==== The records
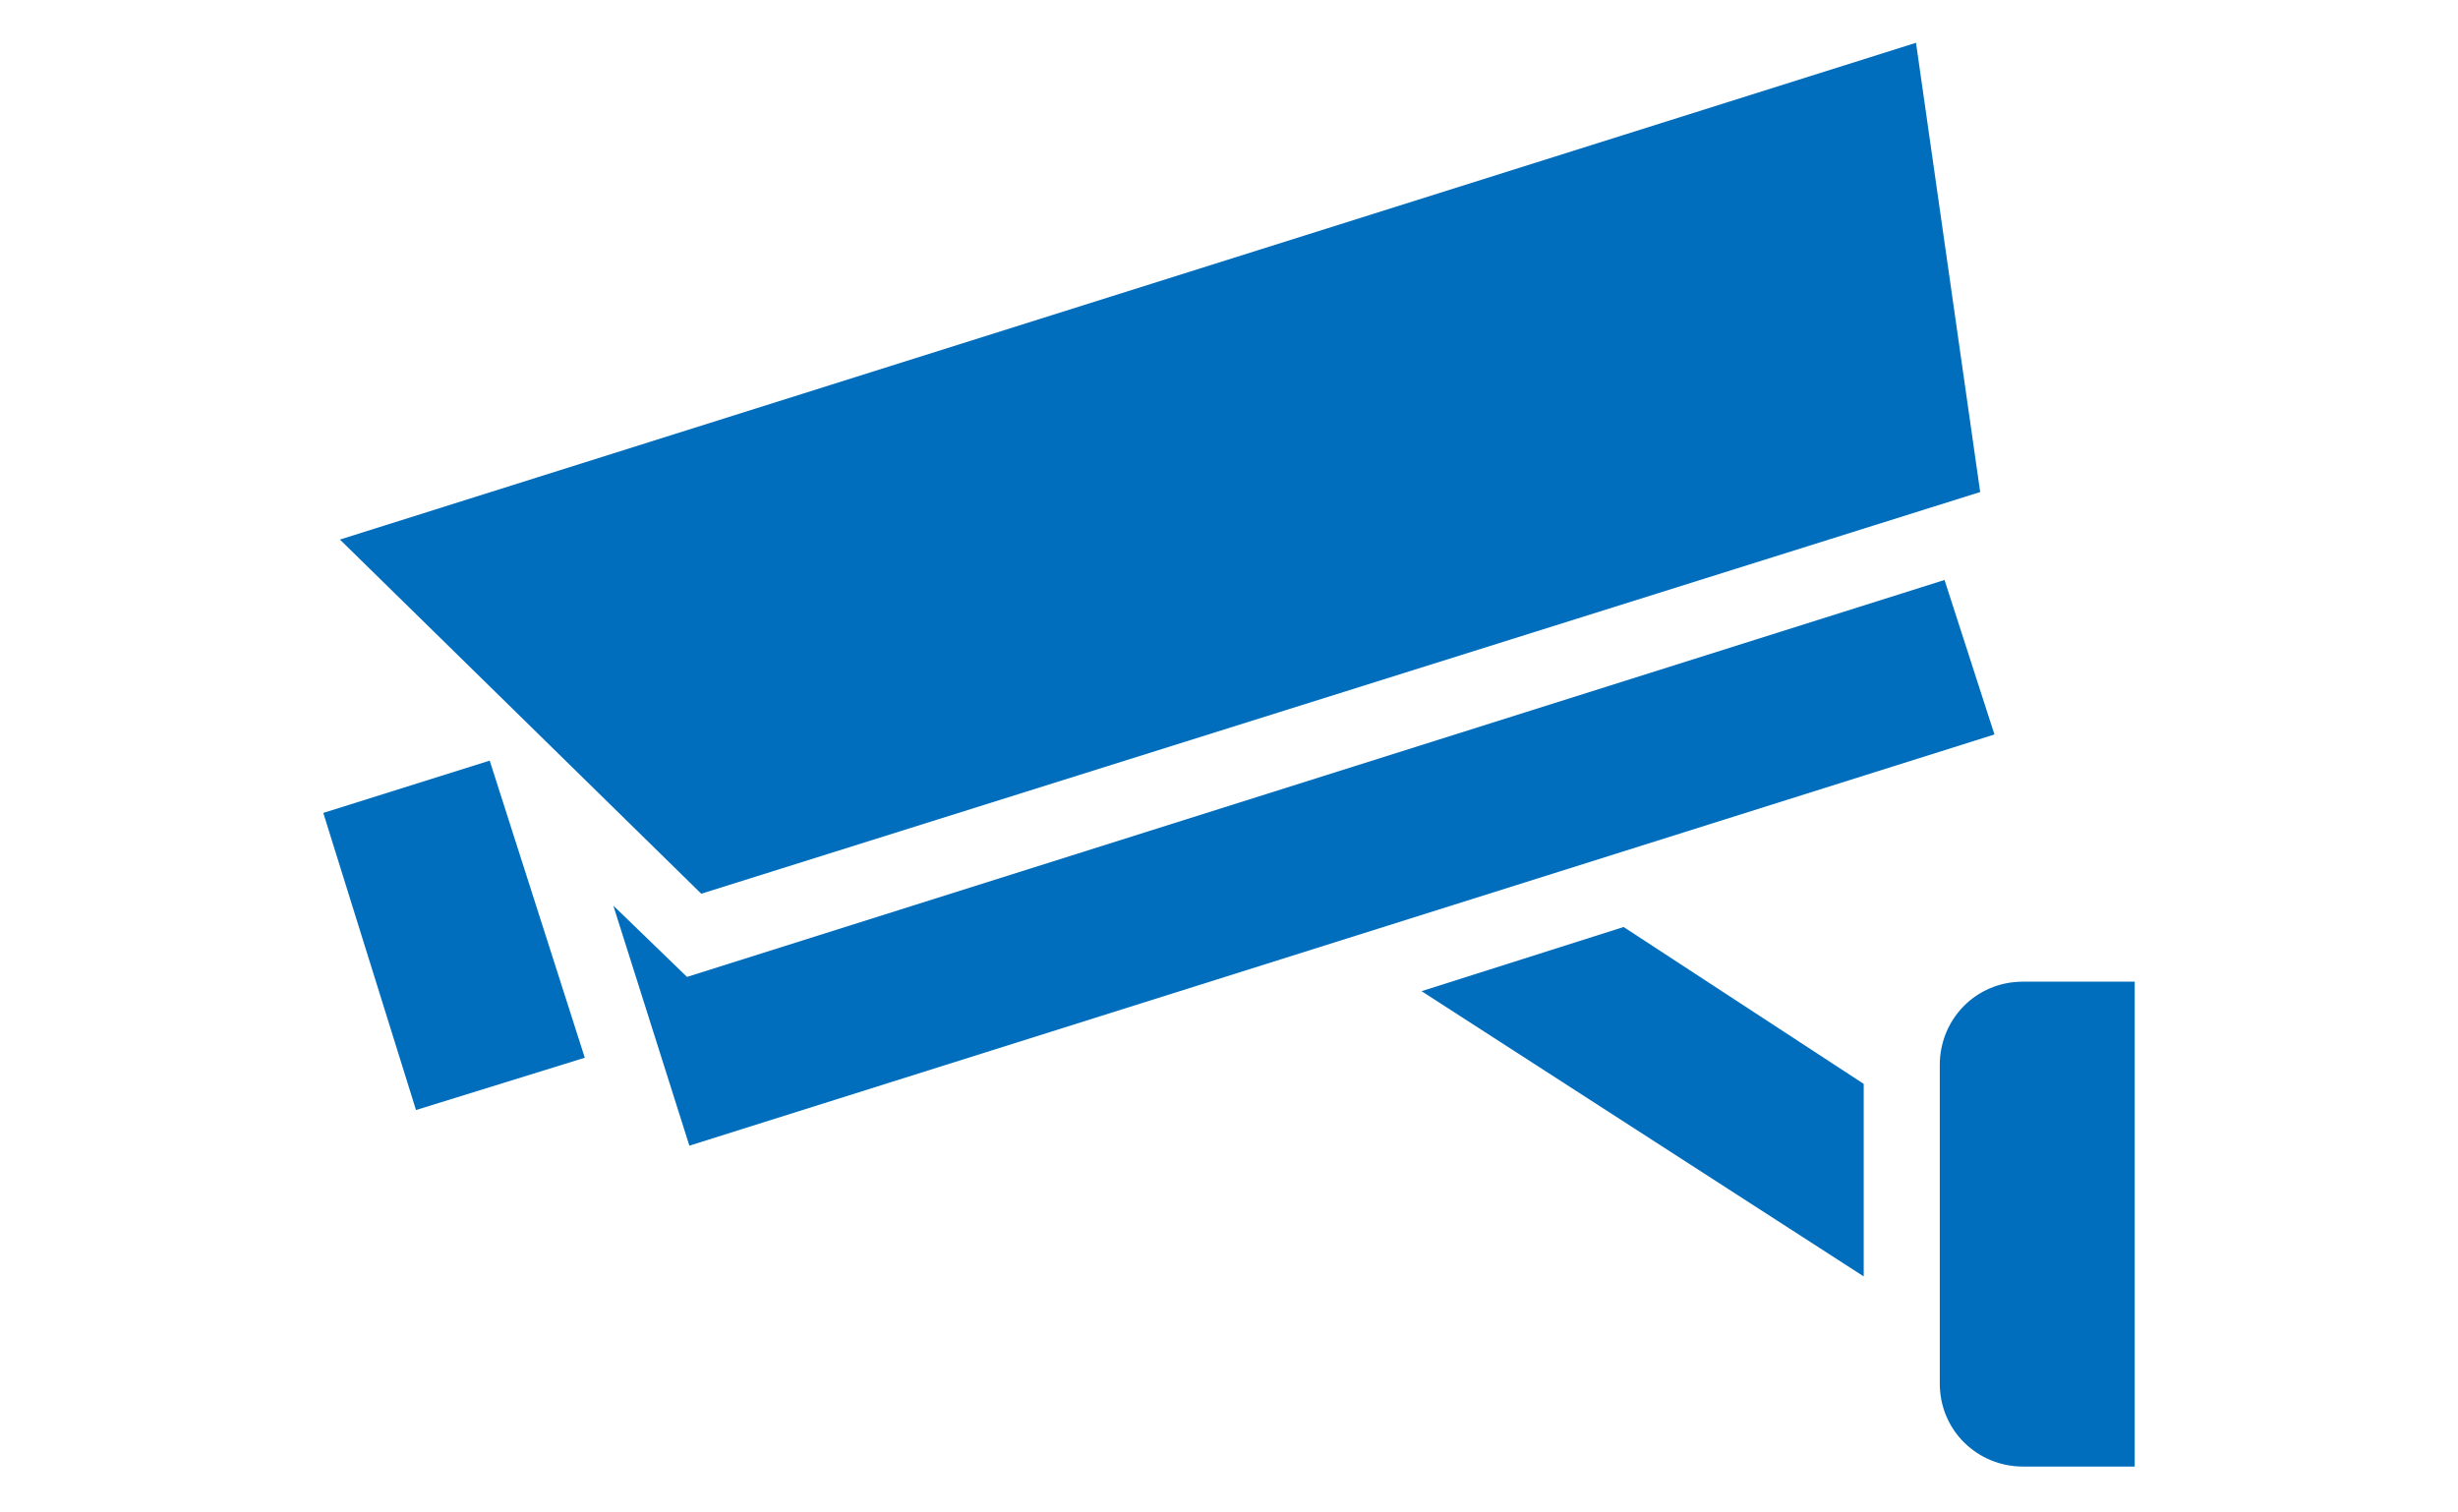 <?xml version="1.0" encoding="utf-8"?>
<!-- Generator: Adobe Illustrator 22.0.1, SVG Export Plug-In . SVG Version: 6.00 Build 0)  -->
<svg version="1.1" id="レイヤー_1" xmlns="http://www.w3.org/2000/svg" xmlns:xlink="http://www.w3.org/1999/xlink" x="0px"
	 y="0px" viewBox="0 0 103.4 63.6" style="enable-background:new 0 0 103.4 63.6;" xml:space="preserve">
<style type="text/css">
	.st0{fill:#006EBD;}
</style>
<g>
	<polygon class="st0" points="59.8,41.7 78.4,53.7 78.4,45.6 68.3,39 	"/>
	<polygon class="st0" points="81.8,24.4 28.9,41.1 25.8,38.1 29,48.2 83.9,30.9 	"/>
	<polygon class="st0" points="83.3,20.7 80.6,1.8 14.3,22.7 29.5,37.6 	"/>
	<polygon class="st0" points="13.6,34.2 17.5,46.7 24.6,44.5 20.6,32 	"/>
	<path class="st0" d="M85.1,41.3c-2,0-3.5,1.6-3.5,3.5v13.4c0,2,1.6,3.5,3.5,3.5h4.7V41.3H85.1z"/>
</g>
</svg>
========
Retype the entries above word for word, minus any images.

◆ Exercise result
 <?xml version="1.0" encoding="utf-8"?>
<!-- Generator: Adobe Illustrator 22.0.1, SVG Export Plug-In . SVG Version: 6.00 Build 0)  -->
<svg version="1.1" id="レイヤー_1" xmlns="http://www.w3.org/2000/svg" xmlns:xlink="http://www.w3.org/1999/xlink" x="0px"
	 y="0px" viewBox="0 0 103.4 63.6" style="enable-background:new 0 0 103.4 63.6;" xml:space="preserve">
<style type="text/css">
	.st0{fill:#006EBD;}
</style>
<g>
	<polygon class="st0" points="59.8,41.7 78.4,53.7 78.4,45.6 68.3,39 	"/>
	<polygon class="st0" points="81.8,24.4 28.9,41.1 25.8,38.1 29,48.2 83.9,30.9 	"/>
	<polygon class="st0" points="83.3,20.7 80.6,1.8 14.3,22.7 29.5,37.6 	"/>
	<polygon class="st0" points="13.6,34.2 17.5,46.7 24.6,44.5 20.6,32 	"/>
	<path class="st0" d="M85.1,41.3c-2,0-3.5,1.6-3.5,3.5v13.4c0,2,1.6,3.5,3.5,3.5h4.7V41.3H85.1z"/>
</g>
</svg>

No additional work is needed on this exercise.